=== Provided records ===

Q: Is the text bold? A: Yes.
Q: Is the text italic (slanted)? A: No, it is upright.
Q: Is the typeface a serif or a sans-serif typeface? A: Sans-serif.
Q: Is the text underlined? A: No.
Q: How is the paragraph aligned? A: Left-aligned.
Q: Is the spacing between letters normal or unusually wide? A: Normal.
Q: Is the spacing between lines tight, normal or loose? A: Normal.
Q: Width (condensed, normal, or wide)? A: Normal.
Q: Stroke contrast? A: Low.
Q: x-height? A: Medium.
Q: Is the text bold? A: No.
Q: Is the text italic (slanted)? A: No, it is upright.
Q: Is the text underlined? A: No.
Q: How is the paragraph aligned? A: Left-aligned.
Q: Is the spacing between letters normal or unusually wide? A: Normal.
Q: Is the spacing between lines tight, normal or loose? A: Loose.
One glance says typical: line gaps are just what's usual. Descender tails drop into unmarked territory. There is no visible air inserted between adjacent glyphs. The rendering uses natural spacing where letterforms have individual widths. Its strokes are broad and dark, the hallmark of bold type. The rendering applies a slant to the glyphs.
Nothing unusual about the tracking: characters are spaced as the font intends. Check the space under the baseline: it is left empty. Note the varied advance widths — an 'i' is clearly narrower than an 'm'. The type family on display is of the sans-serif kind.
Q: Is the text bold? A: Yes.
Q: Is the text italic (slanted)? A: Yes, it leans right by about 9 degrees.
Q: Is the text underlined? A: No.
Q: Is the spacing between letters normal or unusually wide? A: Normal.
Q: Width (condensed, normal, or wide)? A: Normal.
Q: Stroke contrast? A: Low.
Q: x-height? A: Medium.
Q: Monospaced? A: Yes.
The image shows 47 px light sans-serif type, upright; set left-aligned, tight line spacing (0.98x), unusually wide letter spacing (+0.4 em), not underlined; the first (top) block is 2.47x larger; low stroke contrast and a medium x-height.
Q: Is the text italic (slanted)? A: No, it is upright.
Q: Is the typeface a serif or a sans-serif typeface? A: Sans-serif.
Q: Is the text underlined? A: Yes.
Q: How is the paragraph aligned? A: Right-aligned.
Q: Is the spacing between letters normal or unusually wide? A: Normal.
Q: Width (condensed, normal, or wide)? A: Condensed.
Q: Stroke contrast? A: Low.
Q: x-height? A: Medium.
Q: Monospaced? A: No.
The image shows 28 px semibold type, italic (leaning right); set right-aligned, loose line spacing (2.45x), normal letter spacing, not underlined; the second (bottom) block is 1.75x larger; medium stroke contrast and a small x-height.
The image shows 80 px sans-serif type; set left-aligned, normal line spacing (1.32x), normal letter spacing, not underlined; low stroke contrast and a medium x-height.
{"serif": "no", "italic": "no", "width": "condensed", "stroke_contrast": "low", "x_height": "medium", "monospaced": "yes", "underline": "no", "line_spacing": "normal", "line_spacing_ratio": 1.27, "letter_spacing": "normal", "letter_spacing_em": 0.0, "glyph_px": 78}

=== Requirement ===
Go through the listing and transcribe all of it exactly.

=== Response ===
Q: Is the text bold? A: Yes.
Q: Is the text italic (slanted)? A: No, it is upright.
Q: Is the typeface a serif or a sans-serif typeface? A: Sans-serif.
Q: Is the text underlined? A: No.
Q: How is the paragraph aligned? A: Left-aligned.
Q: Is the spacing between letters normal or unusually wide? A: Normal.
Q: Is the spacing between lines tight, normal or loose? A: Normal.
Q: Width (condensed, normal, or wide)? A: Normal.
Q: Stroke contrast? A: Low.
Q: x-height? A: Medium.
Q: Is the text bold? A: No.
Q: Is the text italic (slanted)? A: No, it is upright.
Q: Is the text underlined? A: No.
Q: How is the paragraph aligned? A: Left-aligned.
Q: Is the spacing between letters normal or unusually wide? A: Normal.
Q: Is the spacing between lines tight, normal or loose? A: Loose.
One glance says typical: line gaps are just what's usual. Descender tails drop into unmarked territory. There is no visible air inserted between adjacent glyphs. The rendering uses natural spacing where letterforms have individual widths. Its strokes are broad and dark, the hallmark of bold type. The rendering applies a slant to the glyphs.
Nothing unusual about the tracking: characters are spaced as the font intends. Check the space under the baseline: it is left empty. Note the varied advance widths — an 'i' is clearly narrower than an 'm'. The type family on display is of the sans-serif kind.
Q: Is the text bold? A: Yes.
Q: Is the text italic (slanted)? A: Yes, it leans right by about 9 degrees.
Q: Is the text underlined? A: No.
Q: Is the spacing between letters normal or unusually wide? A: Normal.
Q: Width (condensed, normal, or wide)? A: Normal.
Q: Stroke contrast? A: Low.
Q: x-height? A: Medium.
Q: Monospaced? A: Yes.
The image shows 47 px light sans-serif type, upright; set left-aligned, tight line spacing (0.98x), unusually wide letter spacing (+0.4 em), not underlined; the first (top) block is 2.47x larger; low stroke contrast and a medium x-height.
Q: Is the text italic (slanted)? A: No, it is upright.
Q: Is the typeface a serif or a sans-serif typeface? A: Sans-serif.
Q: Is the text underlined? A: Yes.
Q: How is the paragraph aligned? A: Right-aligned.
Q: Is the spacing between letters normal or unusually wide? A: Normal.
Q: Width (condensed, normal, or wide)? A: Condensed.
Q: Stroke contrast? A: Low.
Q: x-height? A: Medium.
Q: Monospaced? A: No.
The image shows 28 px semibold type, italic (leaning right); set right-aligned, loose line spacing (2.45x), normal letter spacing, not underlined; the second (bottom) block is 1.75x larger; medium stroke contrast and a small x-height.
The image shows 80 px sans-serif type; set left-aligned, normal line spacing (1.32x), normal letter spacing, not underlined; low stroke contrast and a medium x-height.
{"serif": "no", "italic": "no", "width": "condensed", "stroke_contrast": "low", "x_height": "medium", "monospaced": "yes", "underline": "no", "line_spacing": "normal", "line_spacing_ratio": 1.27, "letter_spacing": "normal", "letter_spacing_em": 0.0, "glyph_px": 78}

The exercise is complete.